Moreno responded that deciding what research is can be a difficult problem. Suppose, for example, that a researcher approached a nursing home with a project to convince staff members to wash their hands between patient encounters in order to avoid bacterial infection. The researcher might even help them develop a program to increase hand washing based on some information that the researcher had gathered about the employees’ baseline hand-washing practices. If the researcher then published the results, that might suggest that it had been a research study for which approval from an institutional review board was required and to which the patients would have had to give their consent. But not necessarily—it might still be considered a hygiene program that got reported as a case study. But if the researcher then went on to compare the program with educational hand-washing programs in other nursing homes, then the program moves closer to being a research study. “It’s not an easy line to draw,” he said, “but I think you can intuit those lines.”
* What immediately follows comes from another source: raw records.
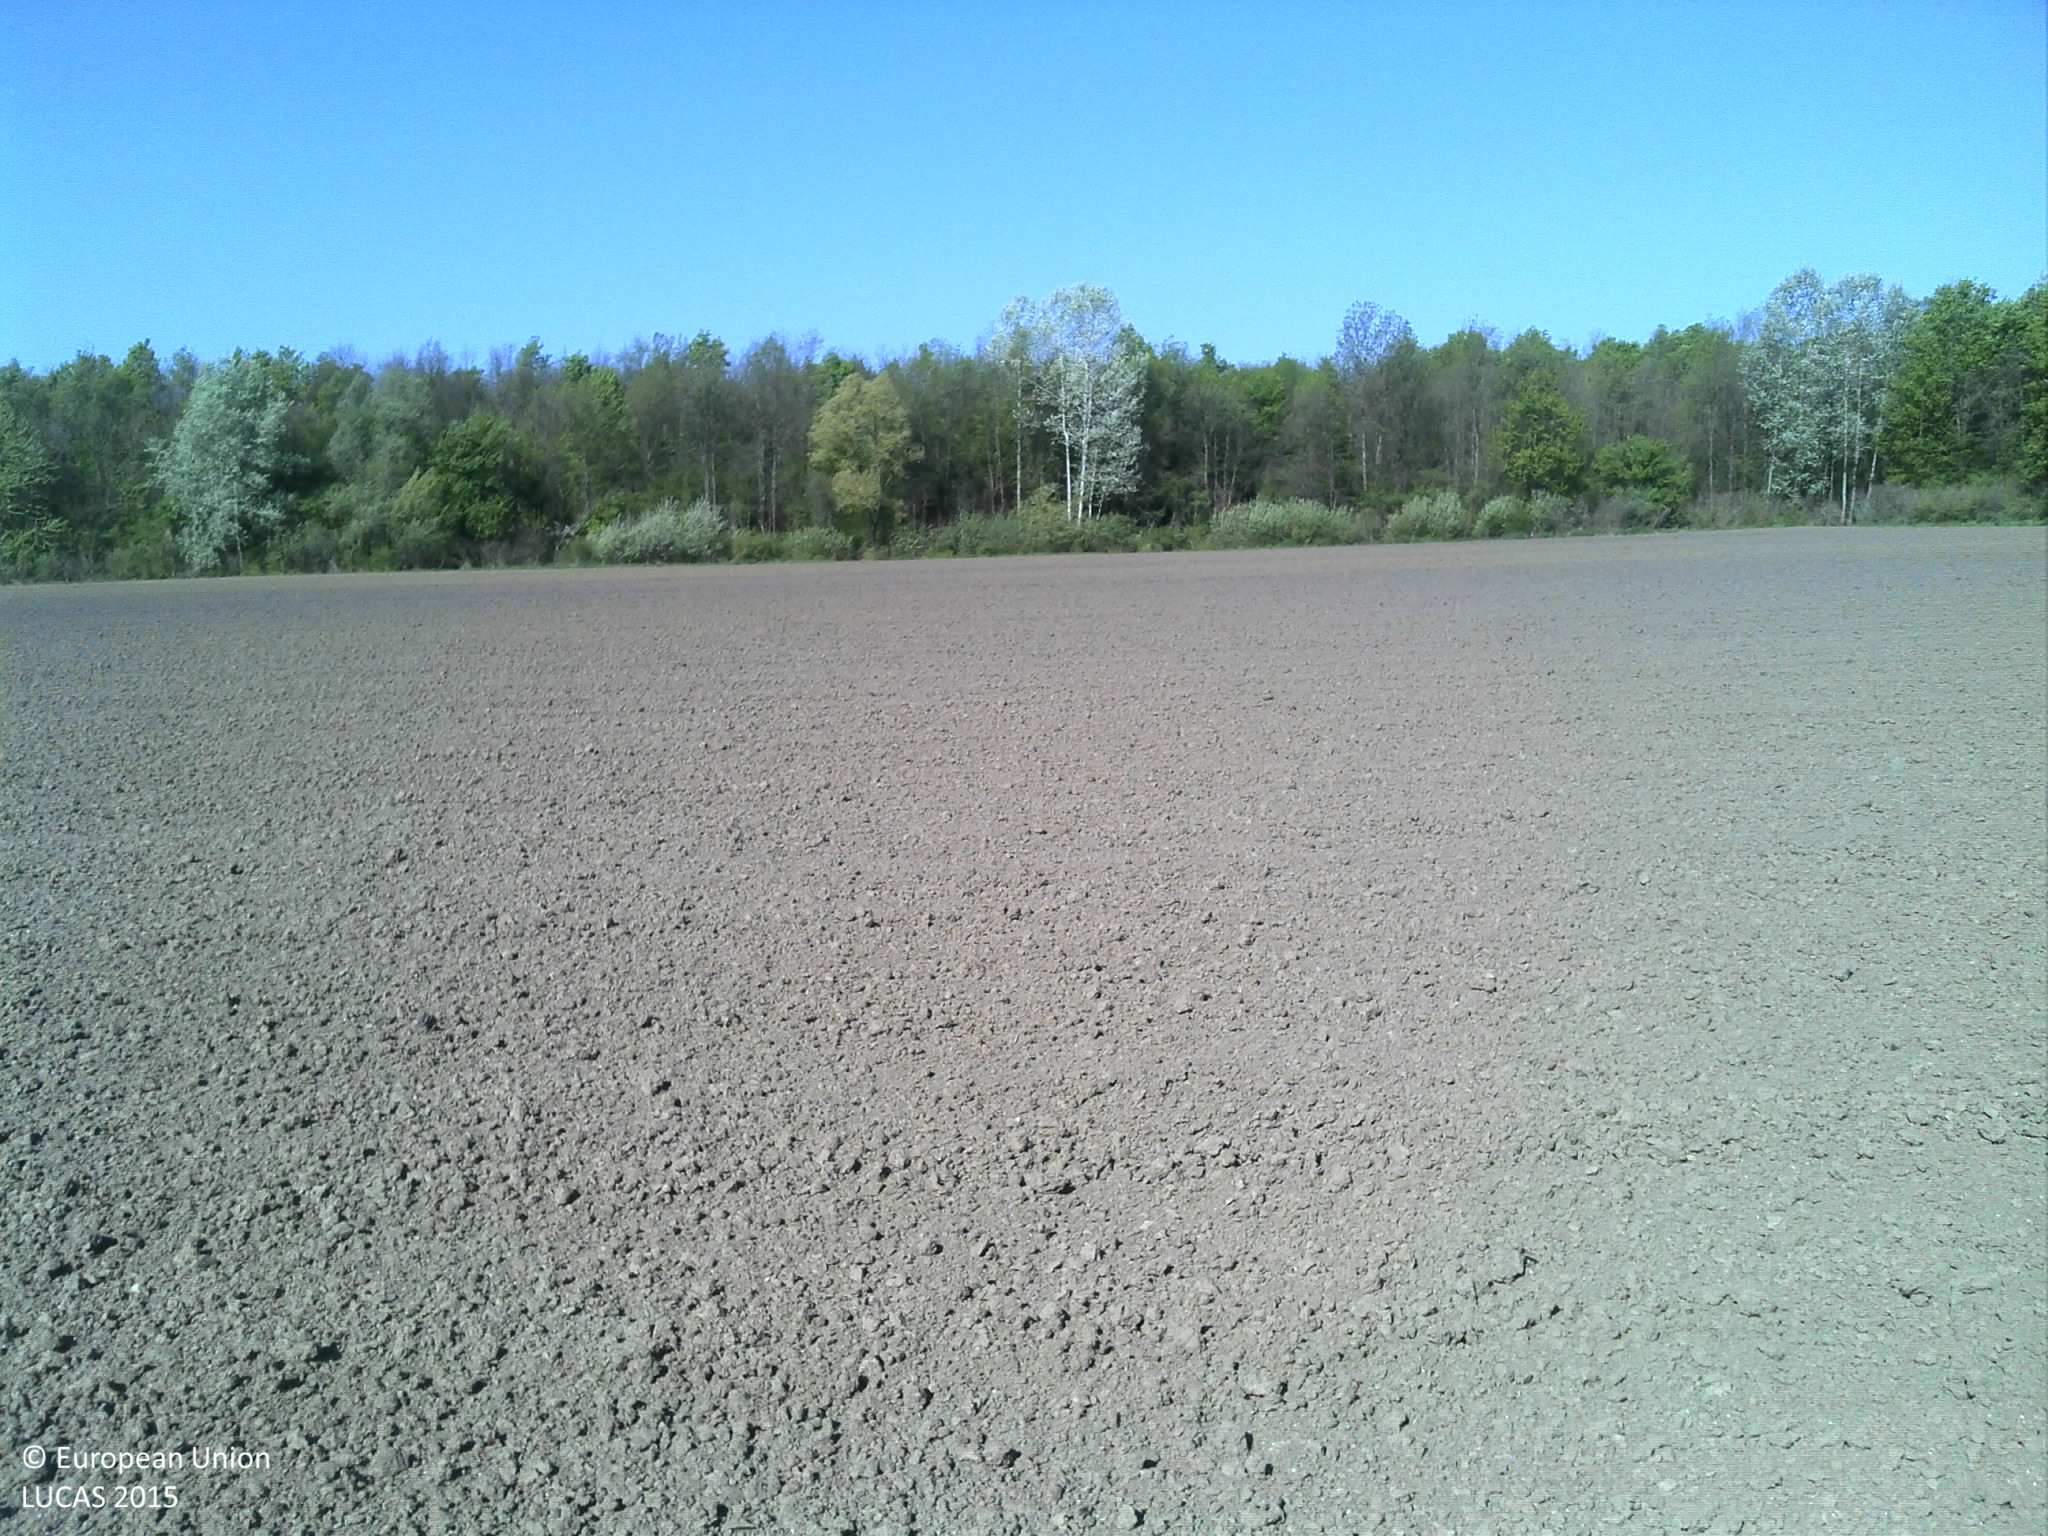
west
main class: Cropland
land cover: Soya
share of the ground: < 10 %
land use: Agriculture (excluding fallow land and kitchen gardens)
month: April
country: HR
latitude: 45.2253
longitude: 18.6025

Christian Meissner commented that, from his experience as chair of an institutional review board, he knows that there is a significant gray
area between program evaluation and research. Indeed, he said, it is quite possible to field test things under the guise of program evaluation. But once one begins manipulating factors and having control groups, the studies clearly amount to research.
David Mandel touched on a similar issue. In his studies of analysts and analyst trainees, he often deals with research that has begun years earlier. In one particular study of the calibration of intelligence estimates, he was dealing with estimates generated years before his research group was even created. The agency that produced the estimates was not interested in research ethics issues, he said—from the agency’s perspective, it was a quality control exercise rather than an example of research, and they had been going about it long before they came to think of it as research as a result of their partnership with Mandel and his team. From Mandel’s perspective, however, he was engaged in research and was bound to go through the institutional review board process, even though the research had already been done. “Once it moves from an internal quality control exercise to a collaboration that has a research side to it,” he said, “we have to put it through our IRB even if we can’t go back and get informed consent because some of those analysts have moved on.” And, as the research moves forward, Mandel’s group has to get consent forms from the analysts in order to use their assessments for research purposes. Sometimes the same exercise is both research and not research, and in those cases Mandel’s group—as researchers—must treat the work as research and follow the standard research procedures.